On change d'heure

17.12.15

Ce week-end, on change l’heure. Le temps s'arrête dans la nuit de samedi à dimanche, entre deux et trois heures du matin - un instant d’éternité.

Dimanche, Il est 16h30 - heure d’été.

Elle est assise devant son père et essaye d’engager la conversation avec des futilités. Elle parle de la pluie, du beau temps, des années passées et d’autres discussions qui n’ont pour seule importance que celle d’entendre à nouveau son père parler.
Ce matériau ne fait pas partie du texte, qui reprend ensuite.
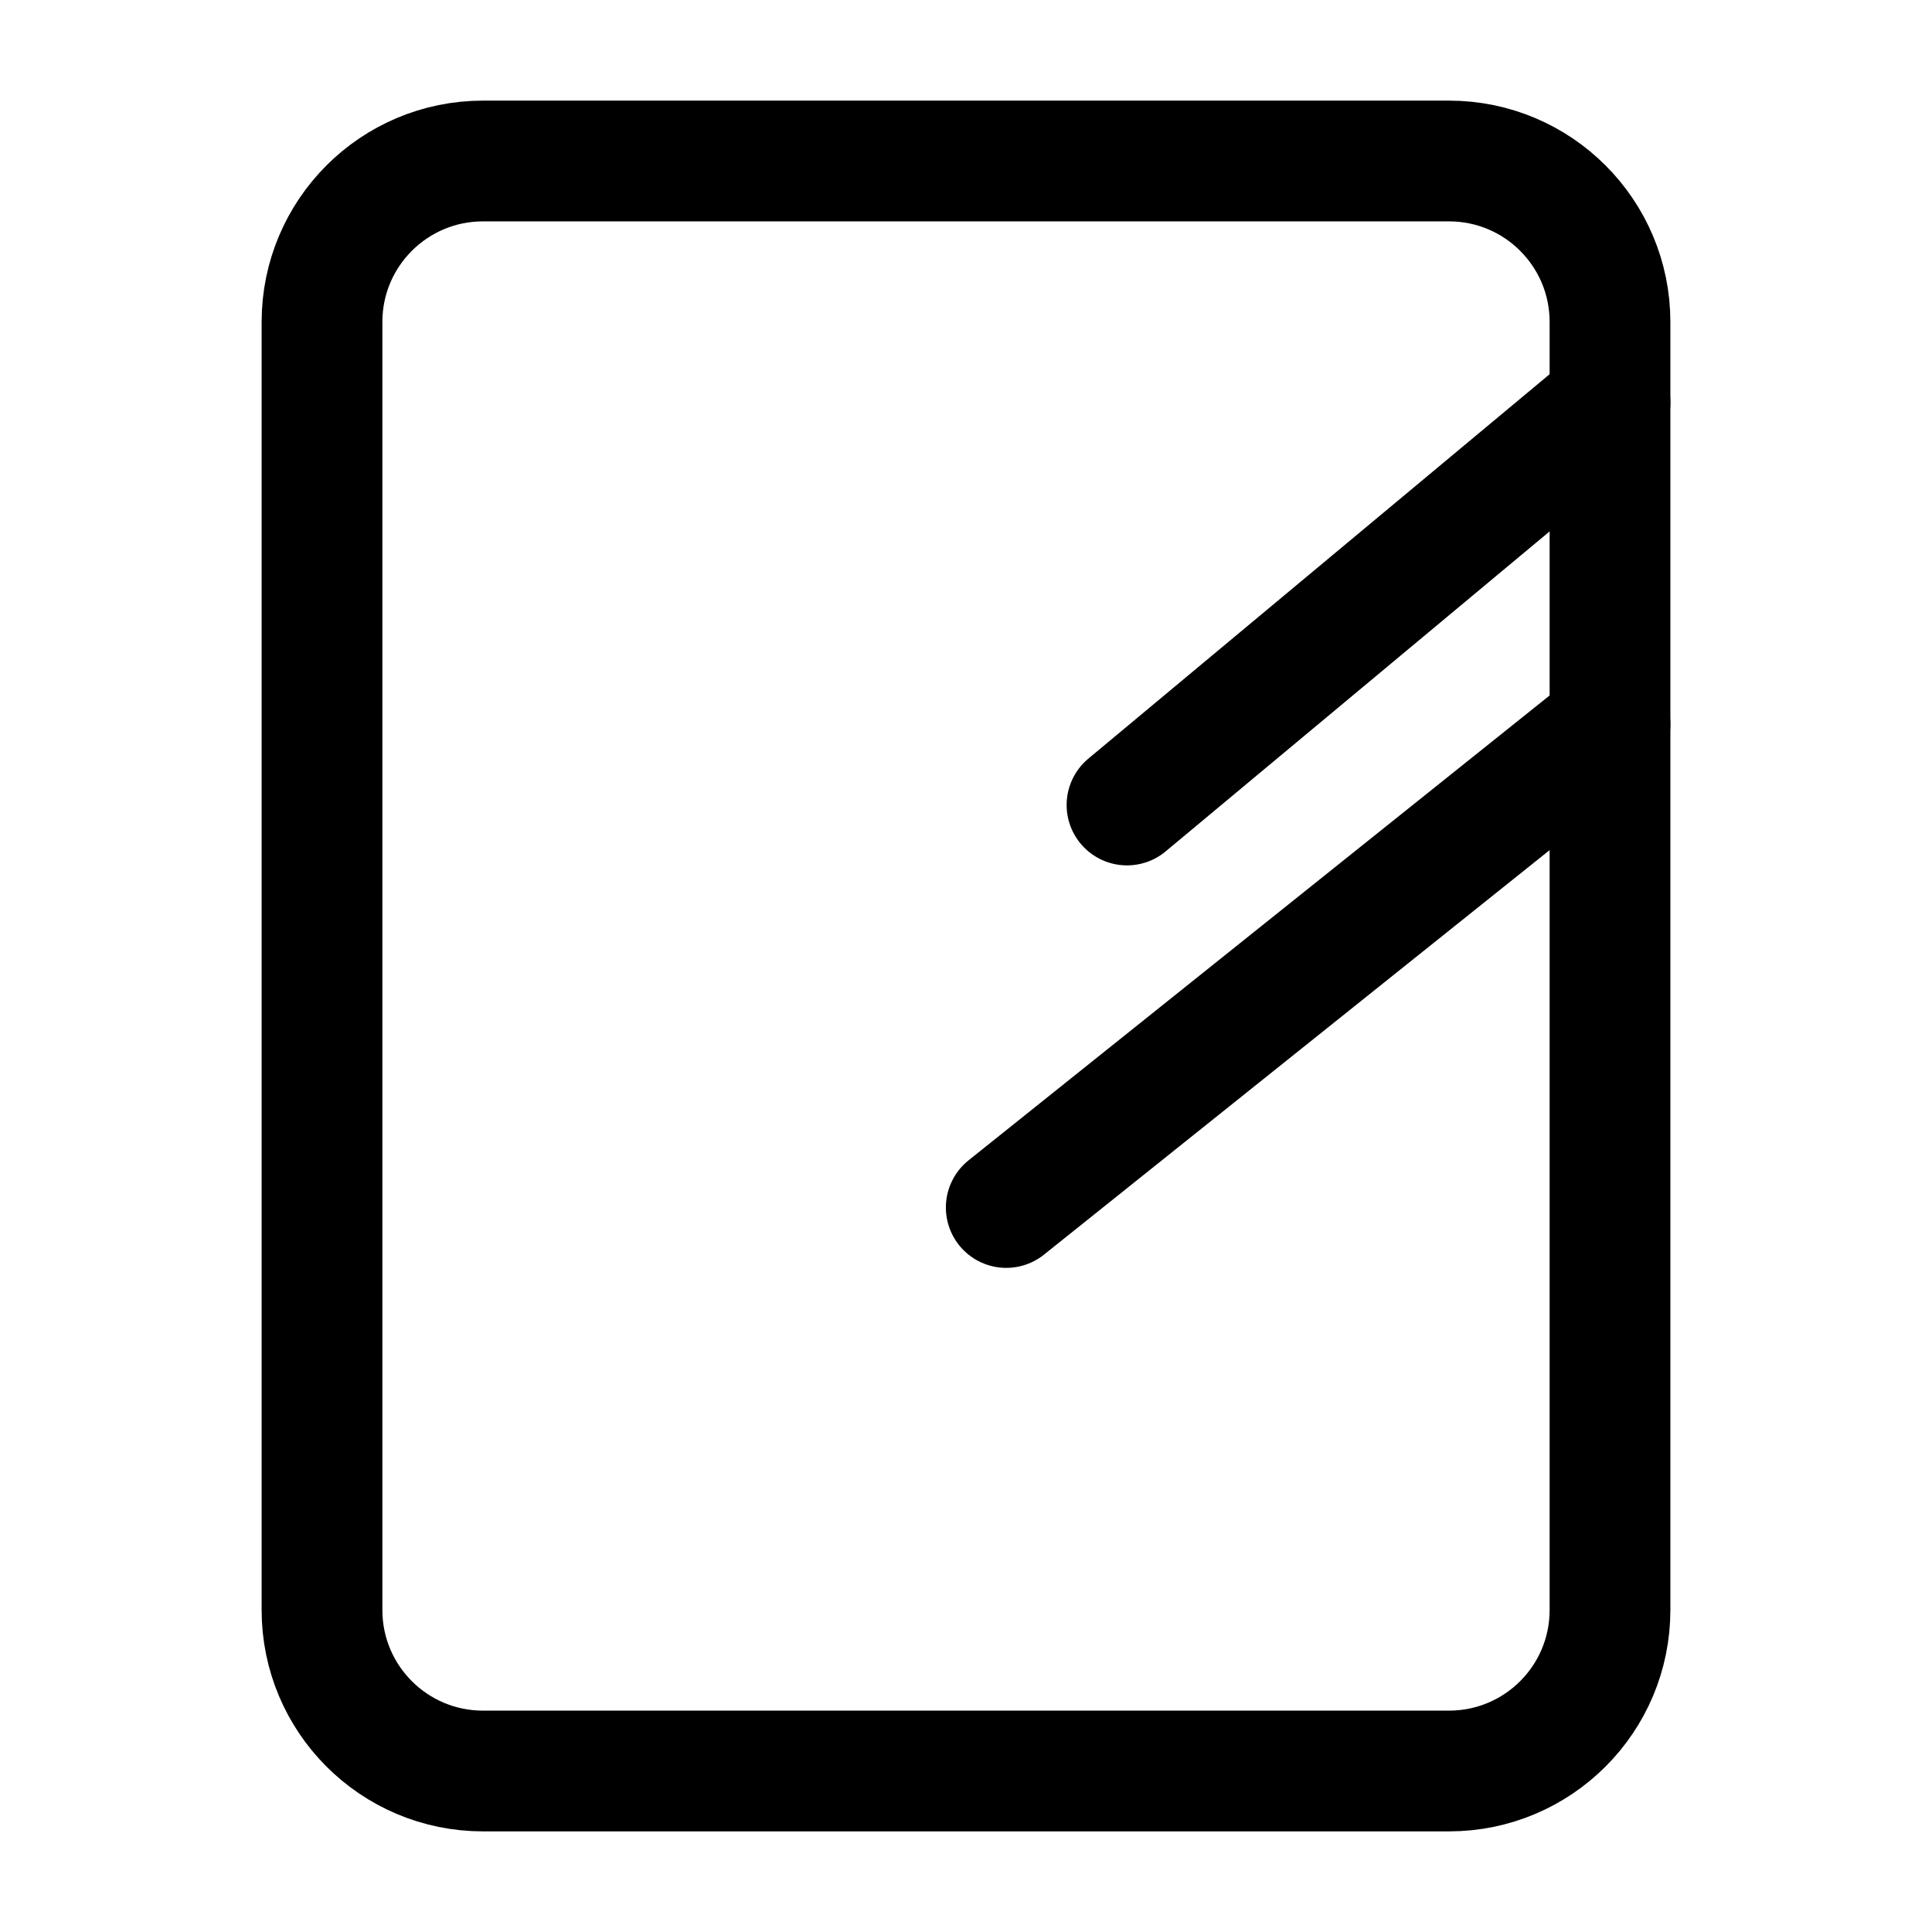 <svg width="24" height="24" viewBox="0 0 24 24" stroke-width="1.5" fill="none" xmlns="http://www.w3.org/2000/svg">
<path d="M20 4V20C20 21.105 19.105 22 18 22H6C4.895 22 4 21.105 4 20V4C4 2.895 4.895 2 6 2H18C19.105 2 20 2.895 20 4Z" stroke="currentColor" stroke-linecap="round" stroke-linejoin="round"/>
<path d="M20 5L14 10" stroke="currentColor" stroke-linecap="round" stroke-linejoin="round"/>
<path d="M20 9L12.5 15" stroke="currentColor" stroke-linecap="round" stroke-linejoin="round"/>
</svg>

Lui se tient assis dans son vieux fauteuil fripé au milieu de la cuisine obscure. Une faible lumière naît par la fenêtre et meurt sur ses mains fermement posées à plat sur la table. Il commence à faire froid, c'est la fin du mois d'octobre et elle attise la cheminée qui déploie une belle flambée rassurante. Son père regarde fixement les flammes, perdu dans des pensées infinies. Il ne répond pas et se contente de quelques rictus nerveux et décalés avec le monologue de sa fille. Il sourit béatement sans comprendre ce qui se passe, ce qui est dit et qui est cette inconnue bavarde assise à sa table.

Elle se lève pour faire du rangement dans la pièce et dans ses idées ; se saisit du balai et commence à tournoyer autour du père. En passant sous la table, elle effleure ses pantoufles, donne quelques coups sur les pieds du fauteuil. Il demeure figé et sourd, imperturbable. Elle ne faiblit pas et malgré la situation oppressante, elle continue à parler comme si rien n’était. Et rien n’est. Elle passe en revue la vie de son père, de la famille, parle de son ancien travail, de sa mère tout en passant un chiffon doux sur l’ensemble des meubles de la maison. Elle nettoie les moindres recoins et trouve des commentaires et des anecdotes à raconter sur chacun des objets briqués.

Quelques heures passent jusqu’au coucher du soleil. A court de paroles, elle s’assoit prés de lui, attrape ses mains restées jusqu’alors plaquées sur la table et les serrent fortement contre sa poitrine. Le vieil homme tourne la tête surpris de cette initiative. Ses lèvres sèches tremblent un peu. Il tente de parler, de lui donner quelque chose, cherche l’eau dans les yeux de sa fille. Par un regard, par un toucher, elle transmet la chaleur que les mots ne portent plus. Ses paupières couvrent une mine de sel sec, il se penche sur la joue de sa fille et dans un râle profond, murmure à son oreille :

« Je pars... »

Il ne reste plus que quelques cendres rougeoyantes dans la cheminée. 

Dimanche, Il est 18h30 - heure d’hiver.